The design of aromas — the flavors of packaged food and drink and the scents of cleaning products, toiletries and other household items — is a multibillion-dollar business. The big flavor companies spend tens of millions of dollars every year on research and development, including a lot of consumer testing.

But making sense of taste-test results is difficult.
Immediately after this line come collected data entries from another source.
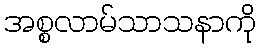
အစ္စလာမ်သာသနာကို
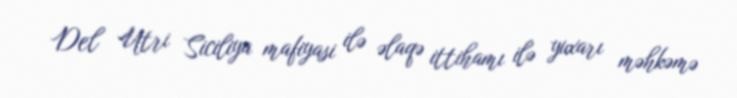
Del Utri Siciliya mafiyasi ilə əlaqə ittihamı ilə yuxarı məhkəmə
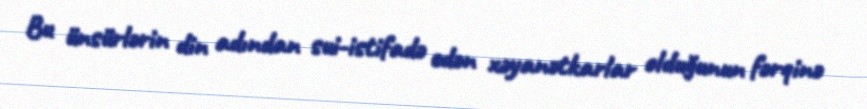
Bu ünsürlərin din adından sui-istifadə edən xəyanətkarlar olduğunun fərqinə

Subjects’ preferences can vary so widely that no clear consensus may emerge. Collecting enough data about each subject would allow flavor companies to filter out some of the inconsistencies, but after about 40 flavor samples, subjects tend to suffer “smell fatigue,” and their discriminations become unreliable. So companies are stuck making decisions on the basis of too little data, much of it contradictory.

One of the biggest flavor companies in the world has turned to researchers in MIT’s Computer Science and Artificial Intelligence Laboratory (CSAIL) for help. To analyze taste-test results, the CSAIL researchers are using genetic programming, in which mathematical models compete with each other to fit the available data and then cross-pollinate to produce models that are more accurate still.

The Swiss flavor company Givaudan asked CSAIL principal research scientist Una-May O’Reilly, postdoc Kalyan Veeramachaneni and the University of Antwerp’s Ekaterina Vladislavleva to help interpret the results of tests in which 69 subjects evaluated 36 different combinations of seven basic flavors, assigning each a score according to its olfactory appeal.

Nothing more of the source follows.